## Exercise prompt
The answer must be an exact copy of the lines from the one with "Tactile sensor images" to the last line of the entries below, both included, and must contain no pictures.

● ● ● ● ●

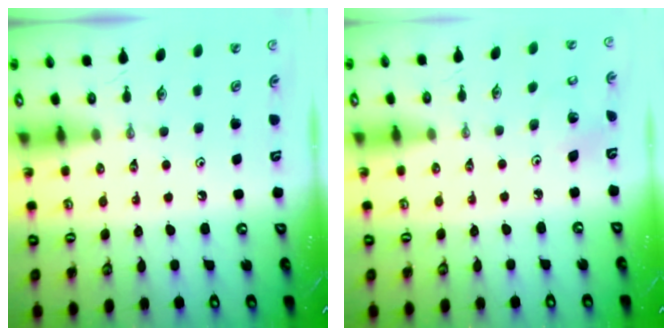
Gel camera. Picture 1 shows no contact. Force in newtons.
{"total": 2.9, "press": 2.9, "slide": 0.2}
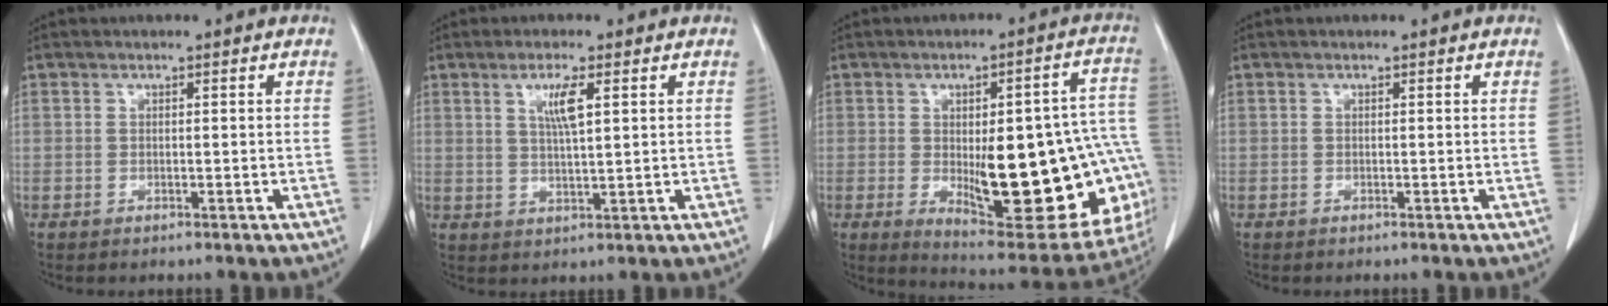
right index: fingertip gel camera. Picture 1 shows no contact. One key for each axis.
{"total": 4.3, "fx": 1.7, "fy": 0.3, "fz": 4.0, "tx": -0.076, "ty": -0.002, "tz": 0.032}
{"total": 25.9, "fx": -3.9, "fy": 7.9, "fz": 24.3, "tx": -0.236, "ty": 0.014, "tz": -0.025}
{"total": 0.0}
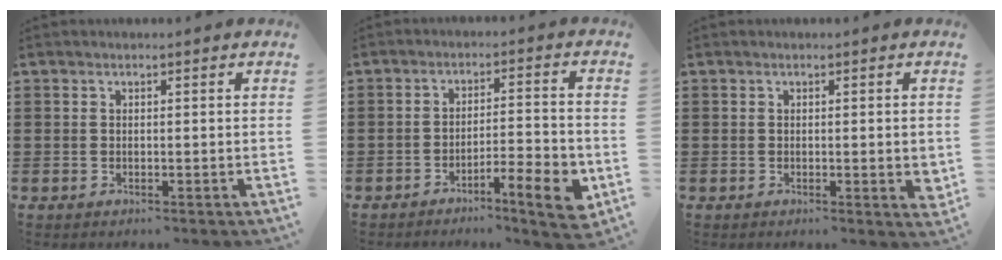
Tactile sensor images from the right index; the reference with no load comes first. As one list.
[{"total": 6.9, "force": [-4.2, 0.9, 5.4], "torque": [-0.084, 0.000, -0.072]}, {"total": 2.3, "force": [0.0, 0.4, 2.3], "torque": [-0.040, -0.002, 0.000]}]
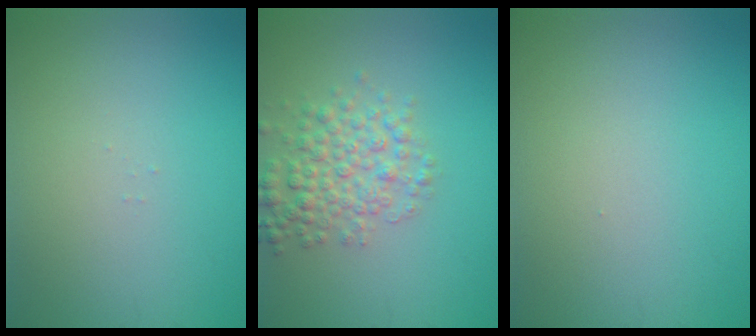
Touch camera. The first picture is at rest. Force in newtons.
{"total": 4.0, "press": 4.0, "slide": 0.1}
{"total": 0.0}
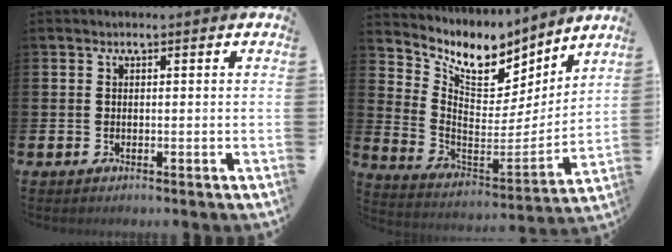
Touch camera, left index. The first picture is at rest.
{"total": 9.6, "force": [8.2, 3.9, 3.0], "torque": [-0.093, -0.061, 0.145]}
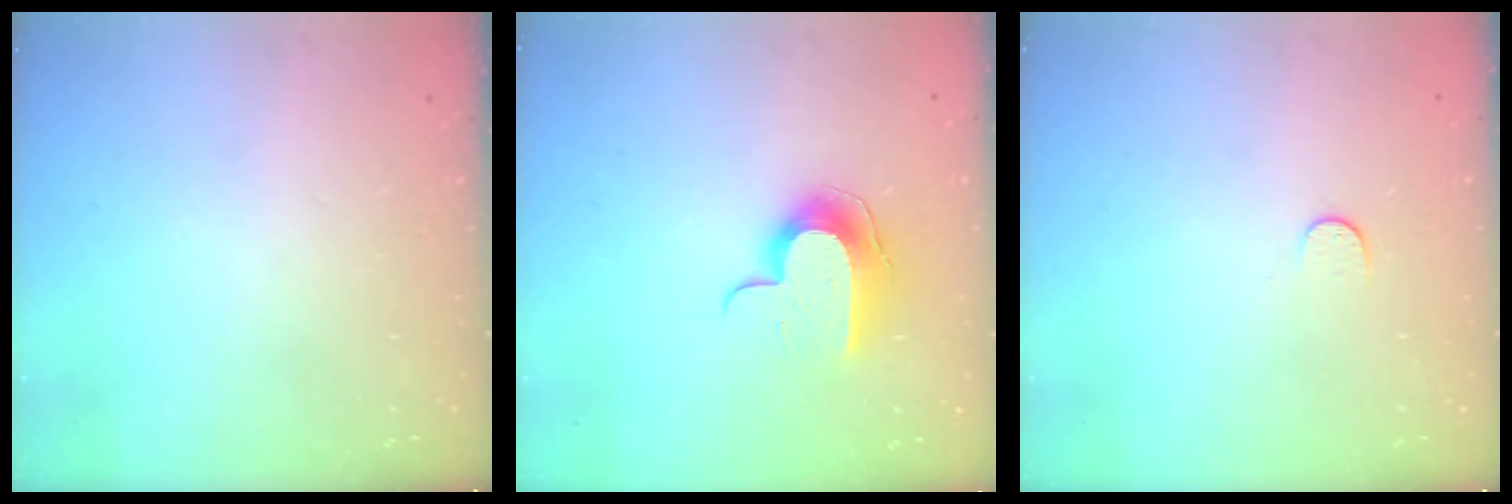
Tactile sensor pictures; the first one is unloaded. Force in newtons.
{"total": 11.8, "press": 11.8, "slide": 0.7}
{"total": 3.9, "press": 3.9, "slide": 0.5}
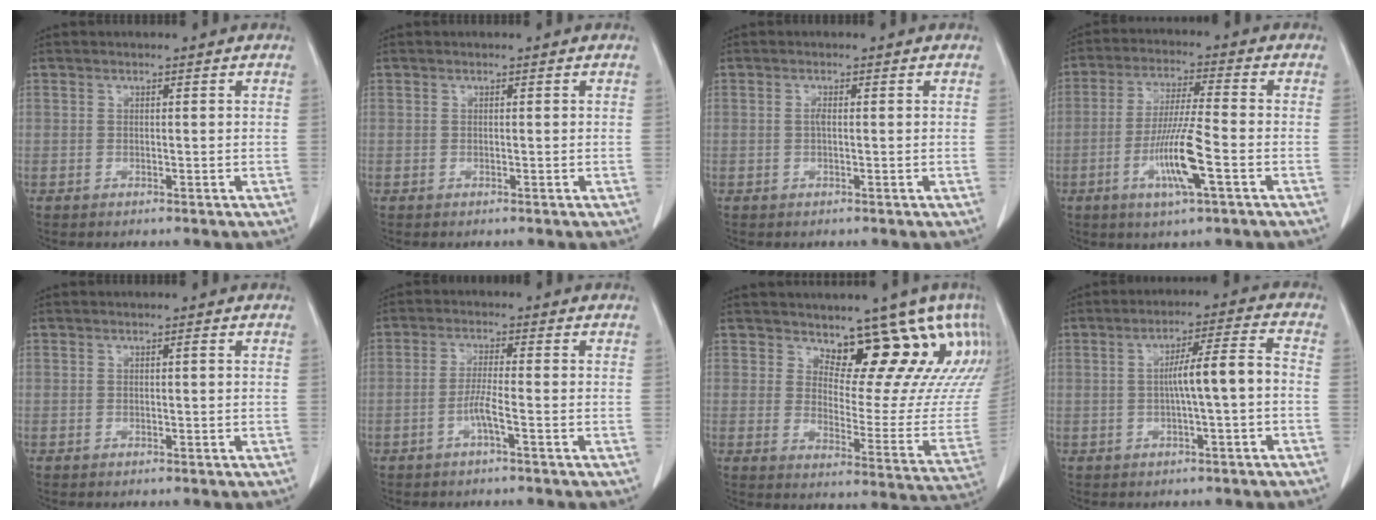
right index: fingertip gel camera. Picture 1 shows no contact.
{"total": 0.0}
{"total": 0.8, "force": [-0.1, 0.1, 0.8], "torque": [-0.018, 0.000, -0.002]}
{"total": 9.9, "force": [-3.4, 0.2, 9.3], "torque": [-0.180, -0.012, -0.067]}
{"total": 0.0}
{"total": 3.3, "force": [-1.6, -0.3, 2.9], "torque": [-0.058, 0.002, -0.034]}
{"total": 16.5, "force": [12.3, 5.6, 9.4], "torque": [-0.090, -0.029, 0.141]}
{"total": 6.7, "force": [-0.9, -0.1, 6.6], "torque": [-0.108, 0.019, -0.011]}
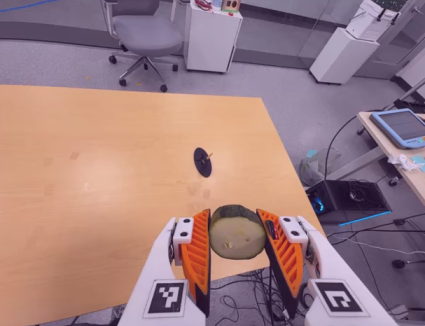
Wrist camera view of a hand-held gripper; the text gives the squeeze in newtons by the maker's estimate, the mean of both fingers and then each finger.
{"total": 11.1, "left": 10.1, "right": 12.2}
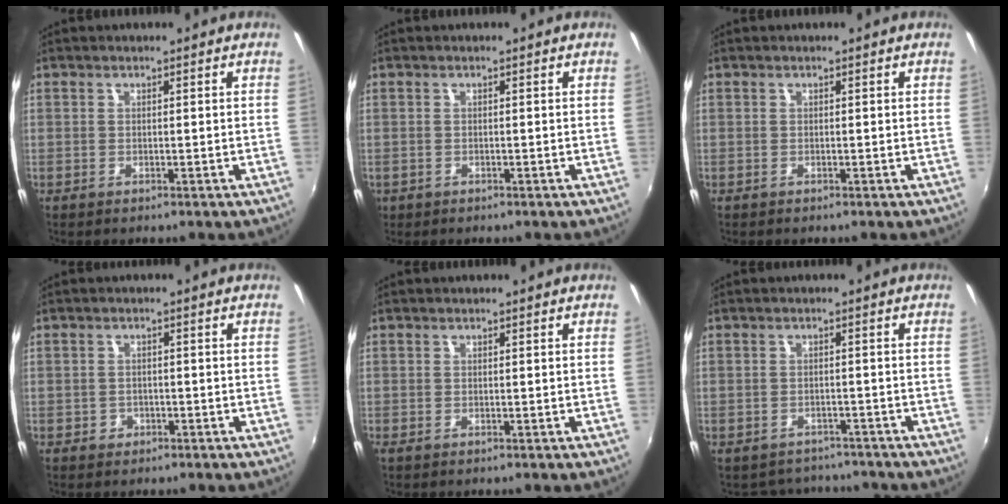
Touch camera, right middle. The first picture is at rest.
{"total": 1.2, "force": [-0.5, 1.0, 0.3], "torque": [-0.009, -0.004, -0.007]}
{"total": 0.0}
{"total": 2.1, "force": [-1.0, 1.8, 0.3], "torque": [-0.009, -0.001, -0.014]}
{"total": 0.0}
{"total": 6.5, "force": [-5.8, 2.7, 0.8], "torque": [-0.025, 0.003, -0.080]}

● ● ● ● ●

## Solution to the problem
Tactile sensor images from the right index; the reference with no load comes first. As one list.
[{"total": 6.9, "force": [-4.2, 0.9, 5.4], "torque": [-0.084, 0.000, -0.072]}, {"total": 2.3, "force": [0.0, 0.4, 2.3], "torque": [-0.040, -0.002, 0.000]}]
Touch camera. The first picture is at rest. Force in newtons.
{"total": 4.0, "press": 4.0, "slide": 0.1}
{"total": 0.0}
Touch camera, left index. The first picture is at rest.
{"total": 9.6, "force": [8.2, 3.9, 3.0], "torque": [-0.093, -0.061, 0.145]}
Tactile sensor pictures; the first one is unloaded. Force in newtons.
{"total": 11.8, "press": 11.8, "slide": 0.7}
{"total": 3.9, "press": 3.9, "slide": 0.5}
right index: fingertip gel camera. Picture 1 shows no contact.
{"total": 0.0}
{"total": 0.8, "force": [-0.1, 0.1, 0.8], "torque": [-0.018, 0.000, -0.002]}
{"total": 9.9, "force": [-3.4, 0.2, 9.3], "torque": [-0.180, -0.012, -0.067]}
{"total": 0.0}
{"total": 3.3, "force": [-1.6, -0.3, 2.9], "torque": [-0.058, 0.002, -0.034]}
{"total": 16.5, "force": [12.3, 5.6, 9.4], "torque": [-0.090, -0.029, 0.141]}
{"total": 6.7, "force": [-0.9, -0.1, 6.6], "torque": [-0.108, 0.019, -0.011]}
Wrist camera view of a hand-held gripper; the text gives the squeeze in newtons by the maker's estimate, the mean of both fingers and then each finger.
{"total": 11.1, "left": 10.1, "right": 12.2}
Touch camera, right middle. The first picture is at rest.
{"total": 1.2, "force": [-0.5, 1.0, 0.3], "torque": [-0.009, -0.004, -0.007]}
{"total": 0.0}
{"total": 2.1, "force": [-1.0, 1.8, 0.3], "torque": [-0.009, -0.001, -0.014]}
{"total": 0.0}
{"total": 6.5, "force": [-5.8, 2.7, 0.8], "torque": [-0.025, 0.003, -0.080]}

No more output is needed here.